14. The method according to claim 9 or claim 10, further comprising: When the output feature map of the second layer, which corresponds to the input feature map of the second layer, is output from the computing circuit, it is determined whether the total size of the input feature map of the second layer and the output feature map of the second layer exceeds the size of the on-chip buffer memory. and When the total size is determined to exceed the size of the on-chip buffer memory, the output feature map of the second layer is temporarily stored in the auxiliary buffer memory instead of the on-chip buffer memory.

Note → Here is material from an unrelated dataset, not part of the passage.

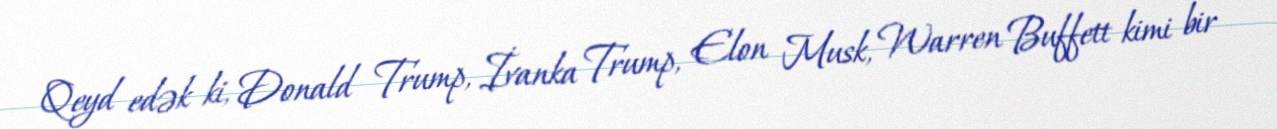
Qeyd edək ki, Donald Trump, İvanka Trump, Elon Musk, Warren Buffett kimi bir

Specifically, the output feature map of the second layer, which is temporarily stored in the auxiliary buffer memory, is sent to the external memory outside the neural network device based on a preset period.
15. The method of claim 14, further comprising: When the output feature map of the second layer is reused as the input feature map for the neural network operation of the subsequent third layer, when the output feature map of the third layer corresponding to the input feature map of the third layer is output from the computing circuit, it is determined whether the size of the output feature map of the third layer exceeds the size of the on-chip buffer memory. and When the size of the output feature map of the third layer exceeds the size of the on-chip buffer memory, the output feature map of the third layer is temporarily stored in the auxiliary buffer memory, and when the size of the output feature map of the third layer is less than or equal to the size of the on-chip buffer memory, the output feature map of the third layer is stored in the on-chip buffer memory.
16. A non-transitory computer-readable recording medium storing instructions, which, when executed by a processor, cause the processor to control the execution of the method of claim 9.